[Work required]: What is the number of lines in the entries that include the word "DIRECTION"? Respond with the number only.

[Information provided]:

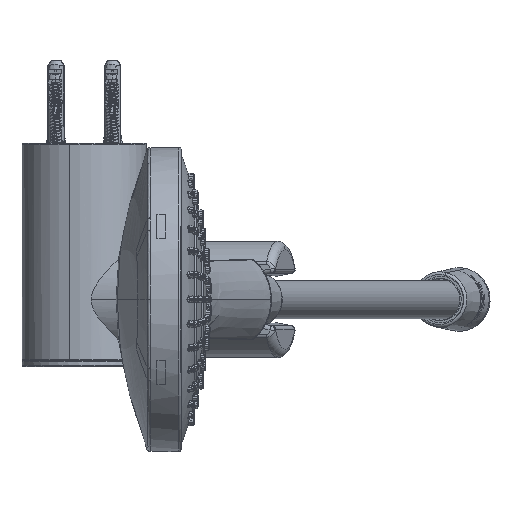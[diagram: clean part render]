
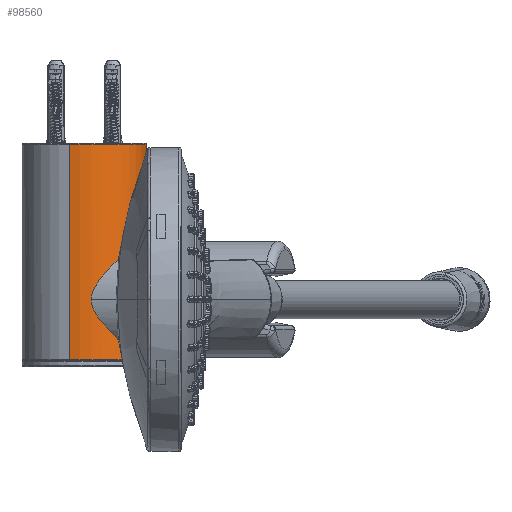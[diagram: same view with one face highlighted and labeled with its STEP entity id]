
A CAD part, left-side view. The second image highlights one B-rep face of the part: STEP entity #98560.
In plain terms, the highlighted cylindrical face has radius 22.5 mm (diameter 45 mm), a partial arc.
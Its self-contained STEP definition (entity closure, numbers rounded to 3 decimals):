
#95232=CARTESIAN_POINT('',(-21.1,7.813,
22.));
#95233=CARTESIAN_POINT('',(-21.1,7.813,
22.466));
#95234=CARTESIAN_POINT('',(-21.069,7.897,
23.427));
#95235=CARTESIAN_POINT('',(-20.911,8.311,
24.961));
#95236=CARTESIAN_POINT('',(-20.619,9.021,
26.585));
#95237=CARTESIAN_POINT('',(-20.172,9.99,
28.273));
#95238=CARTESIAN_POINT('',(-19.557,11.157,
29.997));
#95239=CARTESIAN_POINT('',(-18.699,12.557,
31.854));
#95240=CARTESIAN_POINT('',(-17.532,14.158,
33.824));
#95241=CARTESIAN_POINT('',(-15.967,15.92,
35.883));
#95242=CARTESIAN_POINT('',(-13.993,17.69,
37.878));
#95243=CARTESIAN_POINT('',(-11.733,19.266,
39.615));
#95244=CARTESIAN_POINT('',(-9.263,20.566,
41.026));
#95245=CARTESIAN_POINT('',(-6.777,21.506,
42.038));
#95246=CARTESIAN_POINT('',(-4.324,22.129,
42.704));
#95247=CARTESIAN_POINT('',(-1.806,22.474,
43.073));
#95248=CARTESIAN_POINT('',(0.676,22.535,
43.138));
#95249=CARTESIAN_POINT('',(3.183,22.322,42.91));
#95250=CARTESIAN_POINT('',(5.68,21.82,42.374));
#95251=CARTESIAN_POINT('',(8.123,21.04,41.537));
#95252=CARTESIAN_POINT('',(10.668,19.877,40.28));
#95253=CARTESIAN_POINT('',(13.008,18.424,38.69));
#95254=CARTESIAN_POINT('',(15.035,16.8,36.882));
#95255=CARTESIAN_POINT('',(16.691,15.14,34.981));
#95256=CARTESIAN_POINT('',(17.944,13.614,33.164));
#95257=CARTESIAN_POINT('',(18.873,12.28,31.492));
#95258=CARTESIAN_POINT('',(19.579,11.11,29.924));
#95259=CARTESIAN_POINT('',(20.139,10.055,28.368));
#95260=CARTESIAN_POINT('',(20.58,9.111,26.754));
#95261=CARTESIAN_POINT('',(20.889,8.37,25.13));
#95262=CARTESIAN_POINT('',(21.068,7.9,23.478));
#95263=CARTESIAN_POINT('',(21.1,7.813,22.482));
#95264=CARTESIAN_POINT('',(21.1,7.813,22.));
#95269=CARTESIAN_POINT('',(21.1,7.813,22.));
#95270=CARTESIAN_POINT('',(21.1,7.813,21.534));
#95271=CARTESIAN_POINT('',(21.069,7.897,20.573));
#95272=CARTESIAN_POINT('',(20.911,8.311,19.039));
#95273=CARTESIAN_POINT('',(20.62,9.02,17.416));
#95274=CARTESIAN_POINT('',(20.172,9.99,15.728));
#95275=CARTESIAN_POINT('',(19.558,11.156,14.004));
#95276=CARTESIAN_POINT('',(18.7,12.556,12.147));
#95277=CARTESIAN_POINT('',(17.533,14.156,10.178));
#95278=CARTESIAN_POINT('',(15.968,15.918,8.119));
#95279=CARTESIAN_POINT('',(13.995,17.688,6.124));
#95280=CARTESIAN_POINT('',(11.735,19.265,4.387));
#95281=CARTESIAN_POINT('',(9.266,20.565,2.975));
#95282=CARTESIAN_POINT('',(6.78,21.505,1.963));
#95283=CARTESIAN_POINT('',(4.328,22.128,1.297));
#95284=CARTESIAN_POINT('',(1.81,22.474,
0.928));
#95285=CARTESIAN_POINT('',(-0.672,22.536,
0.862));
#95286=CARTESIAN_POINT('',(-3.179,22.323,
1.089));
#95287=CARTESIAN_POINT('',(-5.675,21.821,
1.625));
#95288=CARTESIAN_POINT('',(-8.118,21.042,
2.461));
#95289=CARTESIAN_POINT('',(-10.663,19.88,
3.717));
#95290=CARTESIAN_POINT('',(-13.003,18.427,
5.306));
#95291=CARTESIAN_POINT('',(-15.031,16.805,
7.114));
#95292=CARTESIAN_POINT('',(-16.687,15.144,
9.015));
#95293=CARTESIAN_POINT('',(-17.941,13.617,
10.833));
#95294=CARTESIAN_POINT('',(-18.872,12.282,
12.505));
#95295=CARTESIAN_POINT('',(-19.579,11.111,
14.075));
#95296=CARTESIAN_POINT('',(-20.139,10.055,
15.631));
#95297=CARTESIAN_POINT('',(-20.58,9.111,
17.247));
#95298=CARTESIAN_POINT('',(-20.889,8.369,
18.87));
#95299=CARTESIAN_POINT('',(-21.068,7.9,
20.523));
#95300=CARTESIAN_POINT('',(-21.1,7.813,
21.518));
#95301=CARTESIAN_POINT('',(-21.1,7.813,
22.));
#95306=CARTESIAN_POINT('',(0.,0.,78.));
#95307=DIRECTION('',(0.,0.,1.));
#95308=DIRECTION('',(1.,0.,0.));
#95309=AXIS2_PLACEMENT_3D('',#95306,#95307,#95308);
#95314=CARTESIAN_POINT('',(0.,0.,0.3));
#95315=DIRECTION('',(0.,0.,-1.));
#95316=DIRECTION('',(-1.,0.,0.));
#95317=AXIS2_PLACEMENT_3D('',#95314,#95315,#95316);
#95322=DIRECTION('',(0.,0.,1.));
#95323=VECTOR('',#95322,77.7);
#95324=CARTESIAN_POINT('',(22.5,0.,0.3));
#95325=LINE('',#95324,#95323);
#96046=DIRECTION('',(0.,0.,1.));
#96047=VECTOR('',#96046,77.7);
#96048=CARTESIAN_POINT('',(-22.5,0.,0.3));
#96049=LINE('',#96048,#96047);
#98142=VERTEX_POINT('',#95232);
#98143=VERTEX_POINT('',#95264);
#98416=CARTESIAN_POINT('',(22.5,0.,0.3));
#98418=VERTEX_POINT('',#98416);
#98420=CARTESIAN_POINT('',(-22.5,0.,0.3));
#98421=VERTEX_POINT('',#98420);
#98450=CARTESIAN_POINT('',(22.5,0.,78.));
#98451=CARTESIAN_POINT('',(-22.5,0.,78.));
#98452=VERTEX_POINT('',#98450);
#98453=VERTEX_POINT('',#98451);
#98540=CARTESIAN_POINT('',(0.,0.,0.));
#98541=DIRECTION('',(0.,0.,1.));
#98542=DIRECTION('',(1.,0.,0.));
#98543=AXIS2_PLACEMENT_3D('',#98540,#98541,#98542);
#98544=CYLINDRICAL_SURFACE('',#98543,22.5);
#98546=ORIENTED_EDGE('',*,*,#98545,.T.);
#98548=ORIENTED_EDGE('',*,*,#98547,.F.);
#98549=ORIENTED_EDGE('',*,*,#98526,.T.);
#98551=ORIENTED_EDGE('',*,*,#98550,.T.);
#98552=EDGE_LOOP('',(#98546,#98548,#98549,#98551));
#98553=FACE_OUTER_BOUND('',#98552,.F.);
#98555=ORIENTED_EDGE('',*,*,#98554,.T.);
#98557=ORIENTED_EDGE('',*,*,#98556,.T.);
#98558=EDGE_LOOP('',(#98555,#98557));
#98559=FACE_BOUND('',#98558,.F.);
#98560=ADVANCED_FACE('',(#98553,#98559),#98544,.T.);
#95265=B_SPLINE_CURVE_WITH_KNOTS('',3,(#95232,#95233,#95234,#95235,#95236,
#95237,#95238,#95239,#95240,#95241,#95242,#95243,#95244,#95245,#95246,#95247,
#95248,#95249,#95250,#95251,#95252,#95253,#95254,#95255,#95256,#95257,#95258,
#95259,#95260,#95261,#95262,#95263,#95264),.UNSPECIFIED.,.F.,.F.,(4,1,1,1,1,1,1,
1,1,1,1,1,1,1,1,1,1,1,1,1,1,1,1,1,1,1,1,1,1,1,4),(0.,0.033,
0.067,0.1,0.133,0.167,0.2,
0.233,0.267,0.3,0.333,0.367,
0.4,0.433,0.467,0.5,0.533,
0.567,0.6,0.633,0.667,0.7,
0.733,0.767,0.8,0.833,0.867,
0.9,0.933,0.967,1.),.UNSPECIFIED.);
#95302=B_SPLINE_CURVE_WITH_KNOTS('',3,(#95269,#95270,#95271,#95272,#95273,
#95274,#95275,#95276,#95277,#95278,#95279,#95280,#95281,#95282,#95283,#95284,
#95285,#95286,#95287,#95288,#95289,#95290,#95291,#95292,#95293,#95294,#95295,
#95296,#95297,#95298,#95299,#95300,#95301),.UNSPECIFIED.,.F.,.F.,(4,1,1,1,1,1,1,
1,1,1,1,1,1,1,1,1,1,1,1,1,1,1,1,1,1,1,1,1,1,1,4),(0.,0.033,
0.067,0.1,0.133,0.167,0.2,
0.233,0.267,0.3,0.333,0.367,
0.4,0.433,0.467,0.5,0.533,
0.567,0.6,0.633,0.667,0.7,
0.733,0.767,0.8,0.833,0.867,
0.9,0.933,0.967,1.),.UNSPECIFIED.);
#95310=CIRCLE('',#95309,22.5);
#95318=CIRCLE('',#95317,22.5);
#98526=EDGE_CURVE('',#98421,#98418,#95318,.T.);
#98545=EDGE_CURVE('',#98452,#98453,#95310,.T.);
#98547=EDGE_CURVE('',#98421,#98453,#96049,.T.);
#98550=EDGE_CURVE('',#98418,#98452,#95325,.T.);
#98554=EDGE_CURVE('',#98142,#98143,#95265,.T.);
#98556=EDGE_CURVE('',#98143,#98142,#95302,.T.);

[Result below]: 8